As you didn't present your input file, I prepared it on my own:
timestamp;bids
1579082401;[123.12, 300]
1579082461;[135.40, 220]
1579082736;[130.76, 20]
1579082801;[123.12, 180]
To read it I used:
orderbook = pd.read_csv('Input.csv', sep=';')
orderbook.timestamp = pd.to_datetime(orderbook.timestamp, unit='s')
Its content is:
timestamp bids
0 2020-01-15 10:00:01 [123.12, 300]
1 2020-01-15 10:01:13 [135.40, 220]
2 2020-01-15 10:05:36 [130.76, 20]
3 2020-01-15 10:06:41 [123.12, 180]
Now:
- timestamp has been converted to native pandasonic type of datetime,
- but bids is of object type (actually, a string).
and, as I suppose, this is the same when read from your input file.
And now the main task: The first step is to extract both numbers from bids,
convert them to float and int and save in respective columns:
orderbook = orderbook.join(orderbook.bids.str.extract(
r'\[(?P<bidprice>\d+\.\d+), (?P<bidvolume>\d+)]'))

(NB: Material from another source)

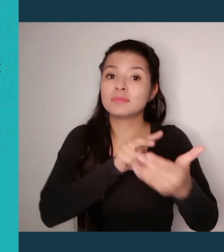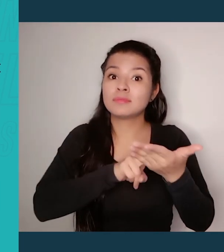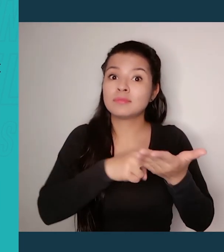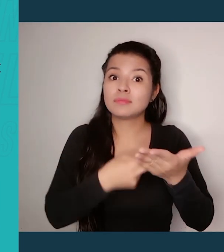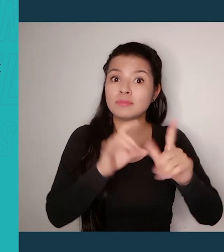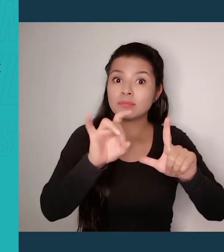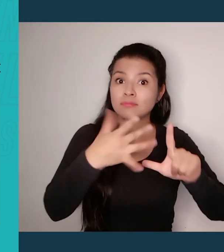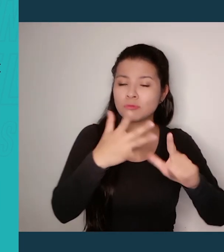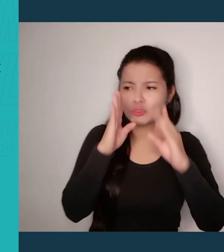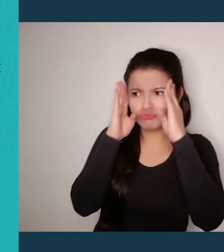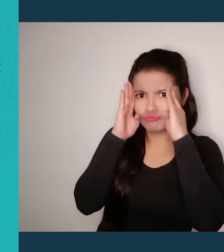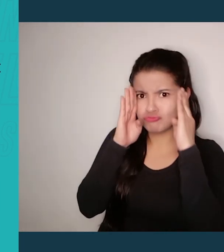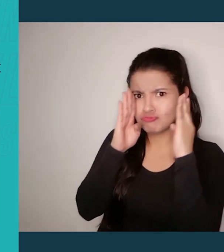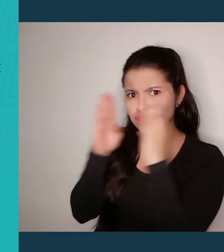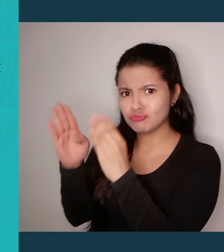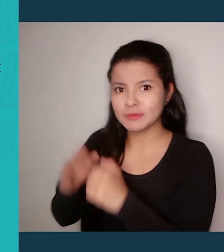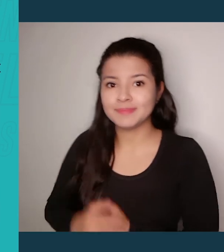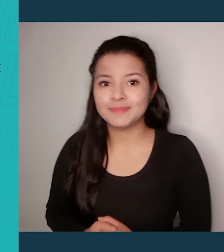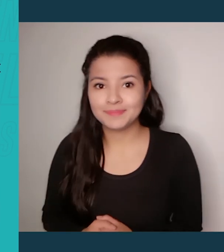Para atención al usuario sordo.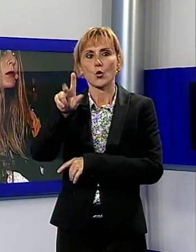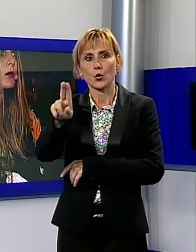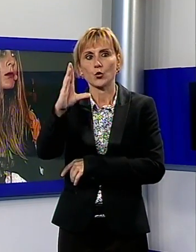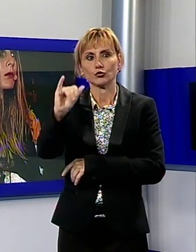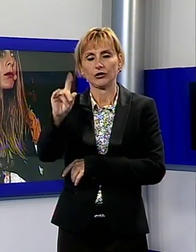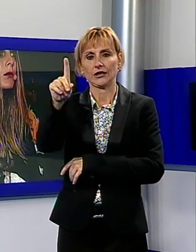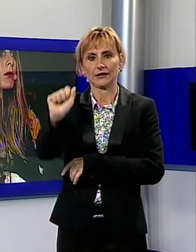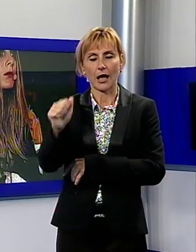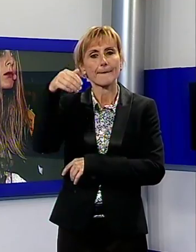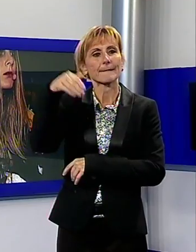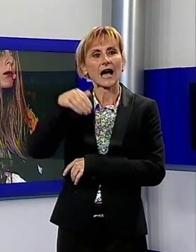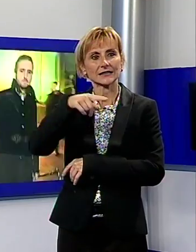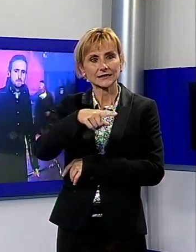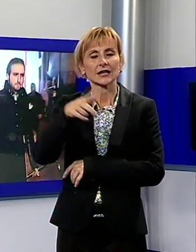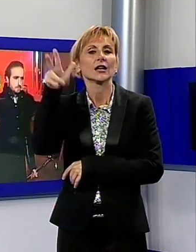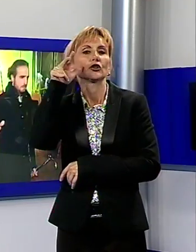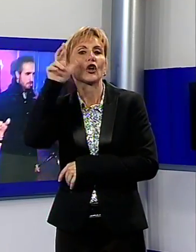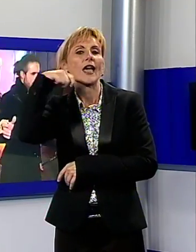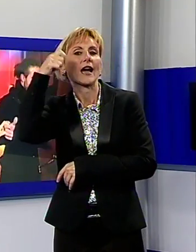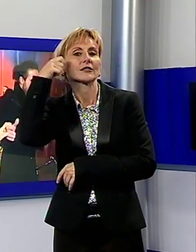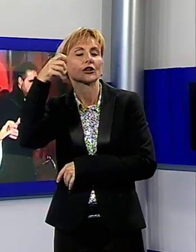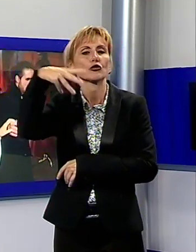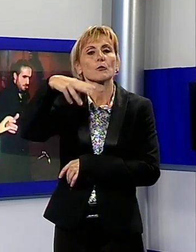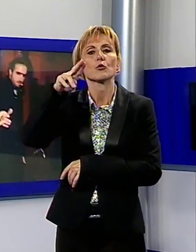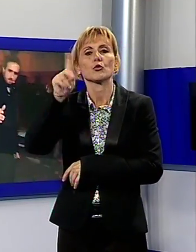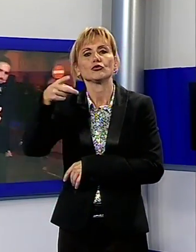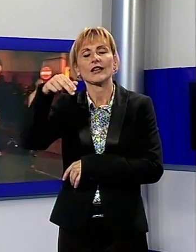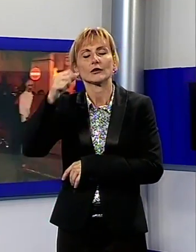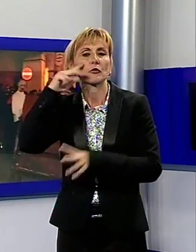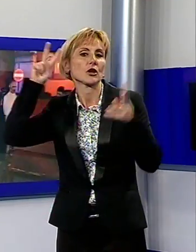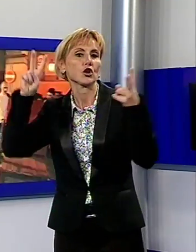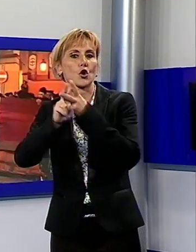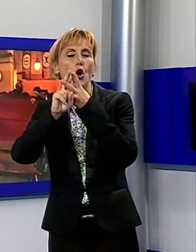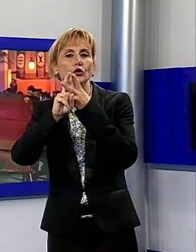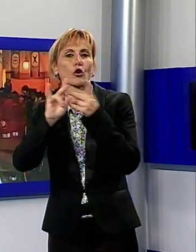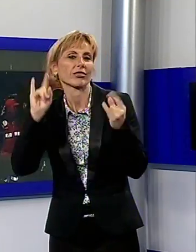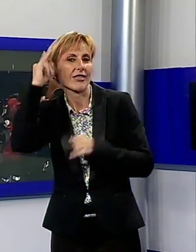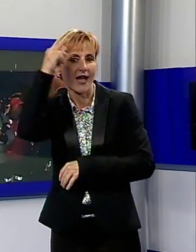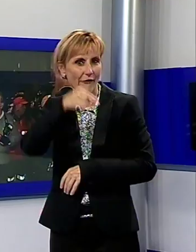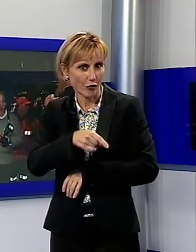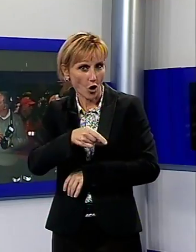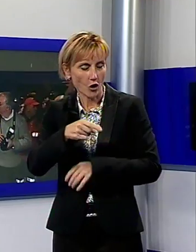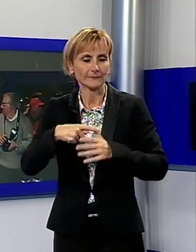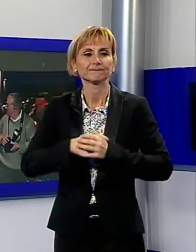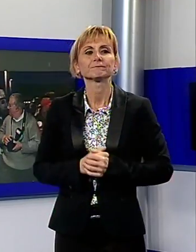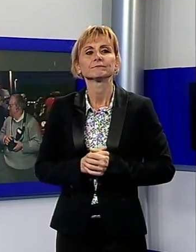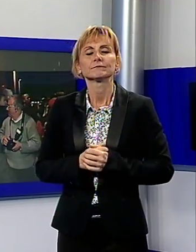anni da Laura Mugnaini e il successivo incontro con Lucifero, Davide Gennai. Da lì si è formato il corteo che ha

orderbook.bidprice = orderbook.bidprice.astype(float)
orderbook.bidvolume = orderbook.bidvolume.astype(int)
Now orderbook contains:
timestamp bids bidprice bidvolume
0 2020-01-15 10:00:01 [123.12, 300] 123.12 300
1 2020-01-15 10:01:01 [135.40, 220] 135.40 220
2 2020-01-15 10:05:36 [130.76, 20] 130.76 20
3 2020-01-15 10:06:41 [123.12, 180] 123.12 180
and you can generate e.g. a scatter plot, calling:
orderbook.plot.scatter('bidprice', 'bidvolume');
or other plotting function.
Another possibility
Or maybe your orderbook_data is a dictionary? Something like:
orderbook_data = {
'timestamp': [1579082401, 1579082461, 1579082736, 1579082801],
'bids': [[123.12, 300], [135.40, 220], [130.76, 20], [123.12, 180]] }
In this case, when you create a DataFrame from it, the column types
are initially:
- timestamp - int64,
- bids - also object, but this time each cell contains a plain
pythonic list.
Then you can also convert timestamp column to datetime just like
above.
But to split bids (a column of lists) into 2 separate columns,
you should run:
orderbook[['bidprice', 'bidvolume']] = pd.DataFrame(orderbook.bids.tolist())
Then you have 2 new columns with respective components of the
source column and you can create your graphics jus like above.